Wednesday, July 27, 2011

Dear patron:

Dear young man with sunburn and scabs and who smells vaguely of pasta,

Please have the courtesy of taking off your headphones if you ask me a question. I will answer you, but if you can't hear me, well, which one of us is at fault?

Also, please don't scratch your nuts at me. Just, well, ick.

Thanks,
Reference Librarian


Saturday, July 23, 2011

You may be a reference librarian if...

...if you've ever pulled into the library's parking lot to see a yellow blanket up in a tree.

...if you've ever had to call for elevator maintenance first thing on a Saturday morning. And then you had to explain to the technician that, yes, in fact, you do need service on a lovely Saturday morning. No, it can't wait until Monday when the 'regular guy' would be available.

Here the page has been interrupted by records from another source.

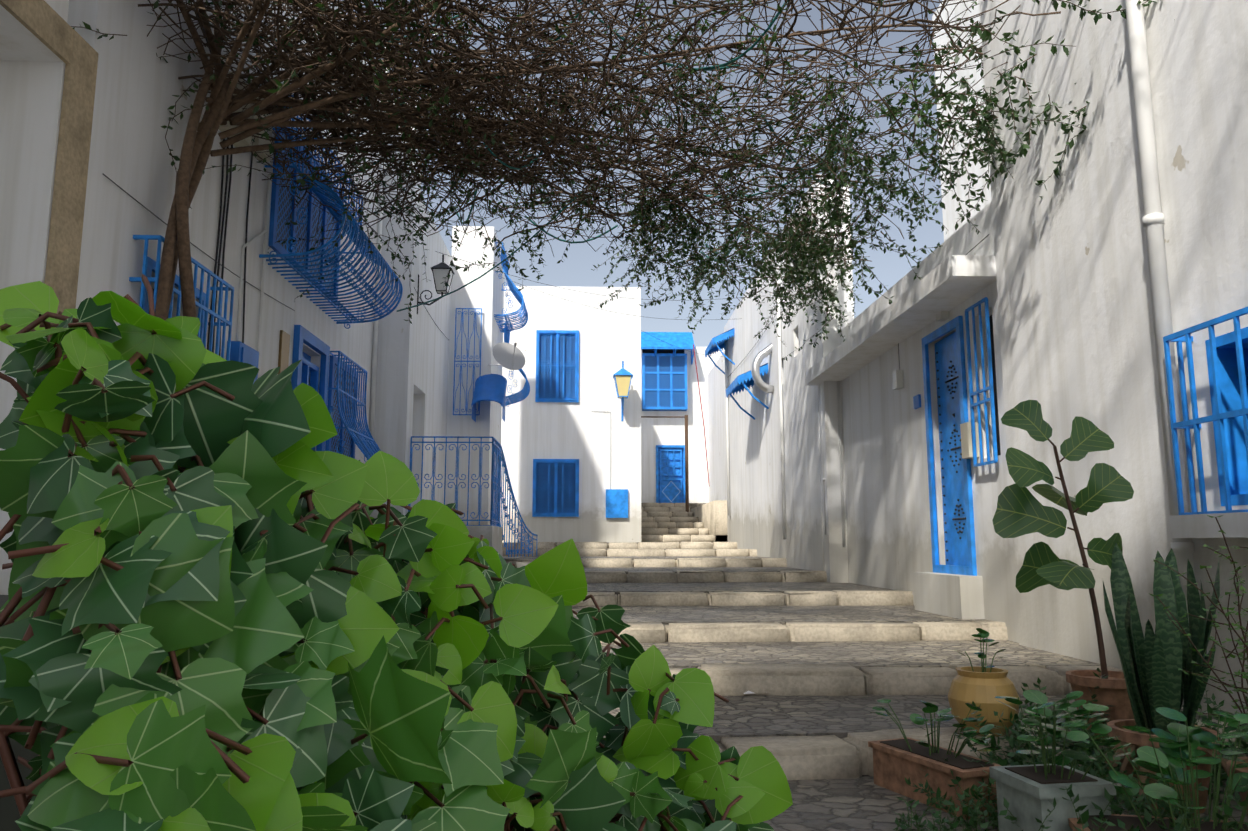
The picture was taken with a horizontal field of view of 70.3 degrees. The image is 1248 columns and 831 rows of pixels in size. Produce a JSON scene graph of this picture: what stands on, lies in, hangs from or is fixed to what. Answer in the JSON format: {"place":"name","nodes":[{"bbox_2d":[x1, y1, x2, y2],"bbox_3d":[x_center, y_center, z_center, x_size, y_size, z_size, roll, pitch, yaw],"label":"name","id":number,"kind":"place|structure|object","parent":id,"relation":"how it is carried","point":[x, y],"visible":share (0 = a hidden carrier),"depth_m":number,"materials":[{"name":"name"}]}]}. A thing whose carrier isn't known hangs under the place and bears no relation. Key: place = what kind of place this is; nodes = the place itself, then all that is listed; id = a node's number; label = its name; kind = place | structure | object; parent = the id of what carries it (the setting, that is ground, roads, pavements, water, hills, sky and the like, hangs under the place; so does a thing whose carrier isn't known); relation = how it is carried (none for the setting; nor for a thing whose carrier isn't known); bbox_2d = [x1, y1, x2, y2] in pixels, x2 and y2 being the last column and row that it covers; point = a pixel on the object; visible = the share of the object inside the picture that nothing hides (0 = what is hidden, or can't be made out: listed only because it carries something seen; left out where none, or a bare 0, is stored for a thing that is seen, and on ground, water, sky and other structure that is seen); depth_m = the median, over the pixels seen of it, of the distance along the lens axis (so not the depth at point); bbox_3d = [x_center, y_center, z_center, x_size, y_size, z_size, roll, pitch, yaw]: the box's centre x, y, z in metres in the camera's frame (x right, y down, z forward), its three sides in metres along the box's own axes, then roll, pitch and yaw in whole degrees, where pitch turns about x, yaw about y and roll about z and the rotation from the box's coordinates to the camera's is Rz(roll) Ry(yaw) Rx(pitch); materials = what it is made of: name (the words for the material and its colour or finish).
{"place":"outdoors","nodes":[
{"label":"outdoors","id":0,"kind":"place"},
{"bbox_2d":[0,61,64,594],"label":"wall","id":1,"kind":"structure","parent":0,"point":[31,93],"depth_m":4.66,"materials":[{"name":"white paint"}]},
{"bbox_2d":[0,0,68,61],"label":"wall","id":2,"kind":"structure","parent":0,"point":[19,41],"depth_m":4.61,"materials":[{"name":"white paint"}]},
{"bbox_2d":[370,103,422,517],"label":"wall","id":3,"kind":"structure","parent":0,"point":[390,416],"depth_m":11.49,"materials":[{"name":"white paint"}]},
{"bbox_2d":[341,0,943,346],"label":"sky","id":4,"kind":"structure","parent":0,"point":[575,271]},
{"bbox_2d":[811,174,848,582],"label":"step wall","id":5,"kind":"structure","parent":0,"point":[835,560],"depth_m":10.83,"materials":[{"name":"white paint"}]},
{"bbox_2d":[502,542,1247,830],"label":"street cobbles","id":6,"kind":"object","parent":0,"point":[864,803],"visible":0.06,"depth_m":5.34,"materials":[{"name":"grey stone"}]},
{"bbox_2d":[0,595,38,830],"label":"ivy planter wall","id":7,"kind":"structure","parent":6,"relation":"on","point":[9,814],"depth_m":1.45,"materials":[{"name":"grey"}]},
{"bbox_2d":[67,0,380,463],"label":"wall","id":8,"kind":"structure","parent":6,"relation":"on","point":[139,83],"depth_m":5.90,"materials":[{"name":"paint"}]},
{"bbox_2d":[129,235,233,360],"bbox_3d":[-2.969,-0.281,5.933,0.168,1.523,1.143,0,-8,-2],"label":"window grille","id":9,"kind":"object","parent":8,"relation":"attached to","point":[150,265],"visible":0.33,"depth_m":6.10,"materials":[{"name":"blue metal"}]},
{"bbox_2d":[226,341,258,383],"bbox_3d":[-3.033,-0.243,7.037,0.113,0.620,0.400,0,-8,-2],"label":"meter box","id":10,"kind":"object","parent":8,"relation":"attached to","point":[240,351],"visible":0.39,"depth_m":6.93,"materials":[{"name":"blue paint"}]},
{"bbox_2d":[219,71,272,161],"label":"electric boxes","id":11,"kind":"object","parent":8,"relation":"attached to","point":[246,141],"visible":0.11,"depth_m":7.00,"materials":[{"name":"grey metal"}]},
{"bbox_2d":[278,330,289,373],"bbox_3d":[-3.113,-0.543,8.108,0.023,0.440,0.200,0,-8,-2],"label":"plaque","id":12,"kind":"object","parent":8,"relation":"attached to","point":[284,346],"visible":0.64,"depth_m":8.07,"materials":[{"name":"beige stone"}]},
{"bbox_2d":[195,9,377,355],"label":"cables","id":13,"kind":"object","parent":8,"relation":"attached to","point":[222,227],"visible":0.42,"depth_m":6.78,"materials":[{"name":"black metal"}]},
{"bbox_2d":[268,127,340,305],"bbox_3d":[-3.122,-1.948,8.806,0.038,1.220,1.980,0,-8,-2],"label":"window upper frame","id":14,"kind":"object","parent":8,"relation":"attached to","point":[277,247],"visible":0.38,"depth_m":8.31,"materials":[{"name":"blue wood"}]},
{"bbox_2d":[276,131,337,293],"bbox_3d":[-3.131,-1.948,8.806,0.001,1.120,1.860,0,-8,-2],"label":"window shutter","id":15,"kind":"object","parent":14,"relation":"in","point":[284,211],"depth_m":8.61,"materials":[{"name":"blue wood"}]},
{"bbox_2d":[291,325,329,450],"bbox_3d":[-3.172,0.394,8.720,0.160,2.400,0.960,0,-8,-2],"label":"blue door","id":16,"kind":"structure","parent":8,"relation":"attached to","point":[306,370],"depth_m":8.91,"materials":[{"name":"blue wood"}]},
{"bbox_2d":[236,47,387,438],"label":"conduits","id":17,"kind":"object","parent":8,"relation":"attached to","point":[374,362],"visible":0.52,"depth_m":7.62,"materials":[{"name":"white plastic"}]},
{"bbox_2d":[259,95,402,328],"bbox_3d":[-2.791,-1.883,8.788,0.720,1.531,2.319,0,-8,-2],"label":"grille upper bulge","id":18,"kind":"object","parent":8,"relation":"attached to","point":[355,233],"visible":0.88,"depth_m":8.41,"materials":[{"name":"blue paint"}]},
{"bbox_2d":[325,355,358,458],"bbox_3d":[-3.172,0.120,9.972,0.038,1.400,1.040,0,-8,-2],"label":"low window frame","id":19,"kind":"object","parent":8,"relation":"attached to","point":[333,362],"visible":0.31,"depth_m":9.60,"materials":[{"name":"blue wood"}]},
{"bbox_2d":[331,365,353,456],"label":"window shutters","id":20,"kind":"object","parent":19,"relation":"in","point":[336,418],"depth_m":9.90,"materials":[{"name":"blue wood"}]},
{"bbox_2d":[328,351,380,461],"bbox_3d":[-2.934,0.158,9.970,0.535,1.553,1.169,0,-8,-2],"label":"window grille","id":21,"kind":"object","parent":8,"relation":"attached to","point":[367,445],"visible":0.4,"depth_m":9.88,"materials":[{"name":"blue metal"}]},
{"bbox_2d":[0,274,792,830],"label":"ivy","id":22,"kind":"object","parent":6,"relation":"on","point":[230,604],"visible":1,"depth_m":0.71,"materials":[{"name":"green plant"}]},
{"bbox_2d":[403,186,451,515],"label":"arch wall","id":23,"kind":"structure","parent":6,"relation":"on","point":[428,365],"depth_m":12.81,"materials":[{"name":"white paint"}]},
{"bbox_2d":[417,255,453,313],"bbox_3d":[-2.575,-1.788,12.068,0.487,0.836,0.286,0,-8,-2],"label":"wall lantern","id":24,"kind":"object","parent":23,"relation":"attached to","point":[442,265],"visible":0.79,"depth_m":12.02,"materials":[{"name":"black metal"}]},
{"bbox_2d":[433,269,452,292],"bbox_3d":[-2.475,-1.825,12.077,0.242,0.297,0.242,0,-8,-2],"label":"lantern glass","id":25,"kind":"object","parent":24,"relation":"in","point":[439,274],"visible":0.69,"depth_m":11.98,"materials":[{"name":"clear glass"}]},
{"bbox_2d":[445,226,493,524],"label":"wall","id":26,"kind":"structure","parent":6,"relation":"on","point":[478,293],"depth_m":14.63,"materials":[{"name":"white paint"}]},
{"bbox_2d":[453,308,481,414],"bbox_3d":[-2.575,-0.893,14.587,0.436,1.795,0.016,0,-8,-2],"label":"window grille","id":27,"kind":"object","parent":26,"relation":"attached to","point":[473,373],"visible":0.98,"depth_m":14.59,"materials":[{"name":"blue metal"}]},
{"bbox_2d":[471,374,506,421],"bbox_3d":[-2.179,-0.323,14.332,0.520,0.820,0.510,0,-8,-2],"label":"awning","id":28,"kind":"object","parent":26,"relation":"attached to","point":[490,387],"depth_m":14.34,"materials":[{"name":"blue paint"}]},
{"bbox_2d":[488,343,516,366],"bbox_3d":[-1.922,-0.910,14.445,0.207,0.435,0.754,8,-11,-44],"label":"satellite dish arm","id":29,"kind":"object","parent":26,"relation":"attached to","point":[515,344],"visible":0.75,"depth_m":14.19},
{"bbox_2d":[493,342,524,369],"bbox_3d":[-1.860,-0.960,14.335,0.573,0.503,0.276,6,-10,-36],"label":"satellite dish","id":30,"kind":"object","parent":29,"relation":"attached to","point":[503,353],"visible":0.94,"depth_m":14.38,"materials":[{"name":"silver metal"}]},
{"bbox_2d":[455,228,503,525],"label":"building wall","id":31,"kind":"structure","parent":6,"relation":"on","point":[497,338],"depth_m":14.74,"materials":[{"name":"white paint"}]},
{"bbox_2d":[494,242,529,406],"bbox_3d":[-1.979,-1.565,15.801,0.525,2.619,1.569,0,-8,-2],"label":"grille","id":32,"kind":"object","parent":31,"relation":"attached to","point":[507,329],"visible":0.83,"depth_m":15.73,"materials":[{"name":"blue metal"}]},
{"bbox_2d":[466,526,502,558],"bbox_3d":[-2.290,2.026,12.579,1.098,0.870,2.480,0,-8,-2],"label":"landing","id":33,"kind":"object","parent":6,"relation":"on","point":[492,535],"visible":0.08,"depth_m":11.43,"materials":[{"name":"paint"}]},
{"bbox_2d":[408,436,537,556],"bbox_3d":[-1.666,1.232,12.674,0.961,1.589,3.188,-4,-9,26],"label":"landing railing","id":34,"kind":"object","parent":33,"relation":"on","point":[498,457],"visible":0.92,"depth_m":11.79,"materials":[{"name":"blue metal"}]},
{"bbox_2d":[516,562,530,567],"bbox_3d":[-0.771,1.440,7.780,0.360,0.300,0.360,0,-8,-2],"label":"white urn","id":35,"kind":"object","parent":6,"relation":"on","point":[519,564],"visible":0.1,"depth_m":7.69,"materials":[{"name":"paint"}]},
{"bbox_2d":[500,286,640,541],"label":"front wall","id":36,"kind":"structure","parent":6,"relation":"on","point":[604,446],"depth_m":18.10,"materials":[{"name":"white paint"}]},
{"bbox_2d":[532,459,578,516],"bbox_3d":[-1.373,1.459,17.863,0.930,1.160,0.048,0,-8,-2],"label":"low window frame","id":37,"kind":"object","parent":36,"relation":"attached to","point":[555,484],"visible":0.81,"depth_m":17.85,"materials":[{"name":"blue wood"}]},
{"bbox_2d":[536,463,574,512],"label":"window shutters","id":38,"kind":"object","parent":37,"relation":"in","point":[542,498],"depth_m":17.88,"materials":[{"name":"blue wood"}]},
{"bbox_2d":[534,461,576,514],"bbox_3d":[-1.372,1.452,17.819,0.844,1.073,0.014,0,-8,-2],"label":"window grille","id":39,"kind":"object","parent":37,"relation":"in","point":[562,487],"depth_m":17.81,"materials":[{"name":"blue metal"}]},
{"bbox_2d":[535,330,578,401],"bbox_3d":[-1.368,-1.016,18.219,0.880,1.500,0.048,0,-8,-2],"label":"window frame","id":40,"kind":"object","parent":36,"relation":"attached to","point":[557,386],"visible":0.85,"depth_m":18.20,"materials":[{"name":"blue wood"}]},
{"bbox_2d":[539,334,574,397],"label":"window shutters","id":41,"kind":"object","parent":40,"relation":"in","point":[569,374],"depth_m":18.24,"materials":[{"name":"blue wood"}]},
{"bbox_2d":[537,332,576,399],"bbox_3d":[-1.367,-1.022,18.176,0.794,1.413,0.014,0,-8,-2],"label":"grille window","id":42,"kind":"structure","parent":40,"relation":"attached to","point":[557,365],"depth_m":18.17,"materials":[{"name":"blue metal"}]},
{"bbox_2d":[606,489,627,517],"bbox_3d":[-0.144,1.775,17.850,0.450,0.570,0.068,0,-8,-2],"label":"meter box","id":43,"kind":"object","parent":36,"relation":"attached to","point":[616,503],"visible":1,"depth_m":17.82,"materials":[{"name":"blue paint"}]},
{"bbox_2d":[613,361,632,420],"bbox_3d":[-0.024,-0.508,17.935,0.403,1.178,0.601,0,-8,-2],"label":"lantern","id":44,"kind":"object","parent":36,"relation":"attached to","point":[622,372],"visible":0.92,"depth_m":17.78,"materials":[{"name":"blue metal"}]},
{"bbox_2d":[614,376,630,397],"bbox_3d":[-0.021,-0.576,17.845,0.341,0.418,0.341,0,-8,-2],"label":"lantern glass","id":45,"kind":"object","parent":44,"relation":"in","point":[623,383],"visible":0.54,"depth_m":17.71,"materials":[{"name":"yellow glass"}]},
{"bbox_2d":[71,0,1160,359],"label":"tree","id":46,"kind":"object","parent":6,"relation":"on","point":[431,98],"visible":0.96,"depth_m":7.05,"materials":[{"name":"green plant"}]},
{"bbox_2d":[641,347,723,502],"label":"front wall","id":47,"kind":"structure","parent":6,"relation":"on","point":[661,431],"depth_m":26.72,"materials":[{"name":"white paint"}]},
{"bbox_2d":[642,356,686,410],"bbox_3d":[1.217,-0.999,26.749,1.350,1.700,0.350,0,-8,-2],"label":"bay box","id":48,"kind":"object","parent":47,"relation":"attached to","point":[664,381],"visible":0.71,"depth_m":26.58,"materials":[{"name":"blue wood"}]},
{"bbox_2d":[641,415,688,511],"bbox_3d":[0.948,1.375,23.239,1.495,2.800,0.090,0,-8,-2],"label":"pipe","id":49,"kind":"object","parent":47,"relation":"attached to","point":[686,469],"visible":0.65,"depth_m":23.27,"materials":[{"name":"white metal"}]},
{"bbox_2d":[641,332,694,408],"bbox_3d":[1.224,-1.399,26.605,1.750,2.450,0.750,0,-8,-2],"label":"bay frame canopy","id":50,"kind":"object","parent":47,"relation":"attached to","point":[683,340],"visible":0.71,"depth_m":26.58,"materials":[{"name":"blue wood"}]},
{"bbox_2d":[656,445,684,502],"bbox_3d":[1.406,1.829,26.530,0.900,1.880,0.110,0,-8,-2],"label":"blue door","id":51,"kind":"structure","parent":47,"relation":"attached to","point":[670,463],"depth_m":26.57,"materials":[{"name":"paint"}]},
{"bbox_2d":[641,500,727,541],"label":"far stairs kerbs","id":52,"kind":"structure","parent":6,"relation":"on","point":[712,516],"depth_m":19.64,"materials":[{"name":"stone"}]},
{"bbox_2d":[643,503,727,541],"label":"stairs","id":53,"kind":"structure","parent":52,"relation":"on","point":[692,505],"depth_m":19.69,"materials":[{"name":"beige stone"}]},
{"bbox_2d":[707,352,726,501],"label":"wall","id":54,"kind":"structure","parent":6,"relation":"on","point":[716,434],"depth_m":24.74,"materials":[{"name":"white paint"}]},
{"bbox_2d":[693,344,709,485],"bbox_3d":[2.246,0.053,25.282,0.094,3.811,2.122,-2,-9,16],"label":"red cable","id":55,"kind":"object","parent":54,"relation":"attached to","point":[702,414],"visible":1,"depth_m":25.12,"materials":[{"name":"red plastic"}]},
{"bbox_2d":[724,184,853,570],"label":"wall","id":56,"kind":"structure","parent":6,"relation":"on","point":[754,519],"depth_m":13.71,"materials":[{"name":"paint"}]},
{"bbox_2d":[103,174,988,411],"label":"wires and cables","id":57,"kind":"object","parent":56,"relation":"attached to","point":[485,267],"visible":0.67,"depth_m":13.20,"materials":[{"name":"black metal"}]},
{"bbox_2d":[705,328,768,419],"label":"blue awnings","id":58,"kind":"object","parent":56,"relation":"attached to","point":[739,382],"visible":0.94,"depth_m":15.66,"materials":[{"name":"paint"}]},
{"bbox_2d":[751,343,773,392],"bbox_3d":[2.287,-0.777,14.068,0.531,0.871,0.179,0,-8,-2],"label":"flex duct","id":59,"kind":"object","parent":56,"relation":"attached to","point":[760,383],"visible":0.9,"depth_m":14.01,"materials":[{"name":"silver metal"}]},
{"bbox_2d":[725,280,844,546],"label":"pipes","id":60,"kind":"object","parent":56,"relation":"attached to","point":[782,442],"visible":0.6,"depth_m":13.08,"materials":[{"name":"white metal"}]},
{"bbox_2d":[805,255,995,385],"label":"eave slab","id":61,"kind":"structure","parent":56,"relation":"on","point":[951,282],"depth_m":7.80,"materials":[{"name":"white paint"}]},
{"bbox_2d":[932,0,991,240],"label":"tall wall","id":62,"kind":"structure","parent":61,"relation":"on","point":[950,214],"depth_m":11.05,"materials":[{"name":"white paint"}]},
{"bbox_2d":[502,542,1247,779],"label":"stairs","id":63,"kind":"structure","parent":6,"relation":"on","point":[850,755],"depth_m":6.41,"materials":[{"name":"stone"}]},
{"bbox_2d":[948,666,1019,736],"bbox_3d":[1.591,1.263,3.918,0.300,0.270,0.300,0,-8,-2],"label":"plant pot","id":64,"kind":"object","parent":63,"relation":"on","point":[978,687],"visible":0.79,"depth_m":3.83,"materials":[{"name":"ceramic"}]},
{"bbox_2d":[1066,670,1133,739],"bbox_3d":[2.094,1.256,3.835,0.312,0.260,0.312,0,-8,-2],"label":"plant pot","id":65,"kind":"object","parent":63,"relation":"on","point":[1112,690],"visible":0.6,"depth_m":3.73,"materials":[{"name":"ceramic"}]},
{"bbox_2d":[992,400,1133,678],"bbox_3d":[2.006,0.560,4.011,0.550,1.291,0.606,-7,-11,39],"label":"fig tree","id":66,"kind":"object","parent":65,"relation":"on","point":[1021,509],"visible":0.96,"depth_m":4.01,"materials":[{"name":"green plant"}]},
{"bbox_2d":[840,201,1018,642],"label":"wall","id":67,"kind":"structure","parent":6,"relation":"on","point":[889,545],"depth_m":8.48,"materials":[{"name":"white paint"}]},
{"bbox_2d":[913,394,920,408],"bbox_3d":[2.754,-0.128,8.324,0.023,0.120,0.140,0,-8,-2],"label":"house number","id":68,"kind":"object","parent":67,"relation":"attached to","point":[916,401],"visible":1,"depth_m":8.28,"materials":[{"name":"blue paint"}]},
{"bbox_2d":[892,311,948,389],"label":"bulkhead lamps","id":69,"kind":"object","parent":67,"relation":"attached to","point":[897,379],"visible":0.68,"depth_m":8.73,"materials":[{"name":"white glass"}]},
{"bbox_2d":[921,316,976,575],"bbox_3d":[2.803,0.283,7.599,0.095,2.120,0.840,0,-8,-2],"label":"blue door","id":70,"kind":"structure","parent":67,"relation":"attached to","point":[960,555],"depth_m":7.69,"materials":[{"name":"blue wood"}]},
{"bbox_2d":[936,352,965,560],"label":"door studs","id":71,"kind":"object","parent":70,"relation":"attached to","point":[955,448],"depth_m":7.63,"materials":[{"name":"metal"}]},
{"bbox_2d":[960,422,978,458],"bbox_3d":[2.767,0.200,7.094,0.078,0.280,0.140,0,-8,-2],"label":"letter box","id":72,"kind":"object","parent":67,"relation":"attached to","point":[966,440],"visible":0.86,"depth_m":7.04,"materials":[{"name":"white metal"}]},
{"bbox_2d":[965,297,997,466],"bbox_3d":[2.768,-0.251,6.876,0.022,1.270,0.382,0,-8,-2],"label":"window grille","id":73,"kind":"object","parent":67,"relation":"attached to","point":[990,388],"visible":1,"depth_m":6.86,"materials":[{"name":"blue metal"}]},
{"bbox_2d":[868,737,1000,819],"bbox_3d":[1.170,1.353,3.334,0.204,0.164,0.524,3,-9,-22],"label":"planter box","id":74,"kind":"object","parent":6,"relation":"on","point":[896,762],"visible":0.79,"depth_m":3.28,"materials":[{"name":"ceramic"}]},
{"bbox_2d":[870,628,1247,830],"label":"potted plants","id":75,"kind":"object","parent":74,"relation":"on","point":[1170,758],"visible":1,"depth_m":2.52,"materials":[{"name":"green plant"}]},
{"bbox_2d":[913,572,984,618],"bbox_3d":[2.700,1.495,7.421,0.180,0.330,1.020,0,-8,-2],"label":"doorstep","id":76,"kind":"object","parent":6,"relation":"on","point":[954,596],"depth_m":7.13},
{"bbox_2d":[989,764,1115,830],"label":"planter","id":77,"kind":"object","parent":6,"relation":"on","point":[1028,793],"visible":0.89,"depth_m":2.56,"materials":[{"name":"concrete"}]},
{"bbox_2d":[979,0,1247,713],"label":"wall","id":78,"kind":"structure","parent":6,"relation":"on","point":[1076,327],"depth_m":5.12,"materials":[{"name":"paint"}]},
{"bbox_2d":[1125,0,1205,694],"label":"drain pipe","id":79,"kind":"object","parent":78,"relation":"attached to","point":[1153,224],"visible":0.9,"depth_m":4.61,"materials":[{"name":"white plastic"}]},
{"bbox_2d":[1163,306,1247,514],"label":"window grille","id":80,"kind":"object","parent":78,"relation":"attached to","point":[1227,358],"visible":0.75,"depth_m":4.24,"materials":[{"name":"blue metal"}]},
{"bbox_2d":[1169,512,1247,537],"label":"sill","id":81,"kind":"structure","parent":78,"relation":"attached to","point":[1234,525],"depth_m":4.07,"materials":[{"name":"white paint"}]},
{"bbox_2d":[1068,814,1247,830],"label":"planter box","id":82,"kind":"object","parent":6,"relation":"on","point":[1129,821],"visible":0.46,"depth_m":2.46,"materials":[{"name":"ceramic"}]},
{"bbox_2d":[1107,719,1218,813],"bbox_3d":[1.983,1.288,3.251,0.354,0.270,0.354,0,-8,-2],"label":"plant pot","id":83,"kind":"object","parent":6,"relation":"on","point":[1139,740],"visible":0.27,"depth_m":3.17,"materials":[{"name":"ceramic"}]},
{"bbox_2d":[1098,543,1227,814],"bbox_3d":[1.923,0.929,3.231,0.532,0.922,0.517,0,-8,-2],"label":"snake plant","id":84,"kind":"object","parent":83,"relation":"in","point":[1152,663],"visible":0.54,"depth_m":3.27,"materials":[{"name":"green plant"}]},
{"bbox_2d":[1226,756,1247,818],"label":"plant pot","id":85,"kind":"object","parent":6,"relation":"on","point":[1243,795],"visible":0.44,"depth_m":2.68,"materials":[{"name":"ceramic"}]},
{"bbox_2d":[1150,515,1247,716],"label":"jade shrub","id":86,"kind":"object","parent":85,"relation":"in","point":[1243,674],"visible":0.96,"depth_m":2.77,"materials":[{"name":"green plant"}]},
{"bbox_3d":[-7.034,-2.815,-8.988,9.000,5.500,10.000,0,-8,-2],"label":"wall","id":87,"kind":"object","parent":6,"relation":"on","visible":0},
{"bbox_2d":[0,0,98,327],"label":"jamb stone","id":88,"kind":"object","parent":87,"relation":"attached to","point":[58,35],"visible":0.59,"depth_m":4.75,"materials":[{"name":"beige stone"}]},
{"bbox_2d":[514,561,1247,830],"bbox_3d":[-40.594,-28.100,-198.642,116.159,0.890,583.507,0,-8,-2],"label":"ground plants","id":89,"kind":"object","parent":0,"point":[1098,764],"visible":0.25,"depth_m":3.02,"materials":[{"name":"green plant"}]}
]}

...if you've ever had to tell a child to not climb the library building. And then have a suddenly alert parent yell at you for yelling at the child. Really? Where were you 90 seconds ago when your kid was playing Spiderman 15' above the sidewalk, trying to break into the stained glass window?

...and if all of this has happened in your first hour.

Tuesday, July 19, 2011

You may be a reference librarian if...

...if you've ever been handed an article about mosquitos and been told it's very important for pregnant women because it mentions folic acid. And the article's in Italian. And you neither speak Italian, nor are you a pregnant woman.


...if you've ever had to explain to someone that their internet computer use is blocked because they were barred from the library for drinking alcohol on the premises earlier in the year....and you received a diatribe about banks and the need for everyone to have an offshore account. And did I know where one could store bags for a couple of days while they left the country to open an account?

Friday, July 8, 2011

Yet another first

A man just walked up to the Reference Desk and handed me 8 pennies. Not to pay for anything, just donating. "When I'm on this side of town and have a handful of pennies, I like to donate to the library."


Tuesday, July 5, 2011

Piano keys

Recently sent out a staff-wide email asking if anyone had seen the key to the lock on the piano.

Didn't receive a single reply, until this morning when a colleague contacted me to ask if I'd heard anything.

"Not a peep," I replied.

The response was, "So, no notes yet?"

I'm giving that one +5 for brilliance. The whole exchange was a set up for a punchline.

Friday, July 1, 2011

B.Y.O.C.

Well, that was a new one. A gentleman just came into the library carrying a computer. Not a laptop, but a full-on desktop, external keyboard and mouse trailing along, too.

I thought for a moment he was going to ask how to connect it to the wi-fi, or if there was a plug he could use, but it turns out he wanted to donate it.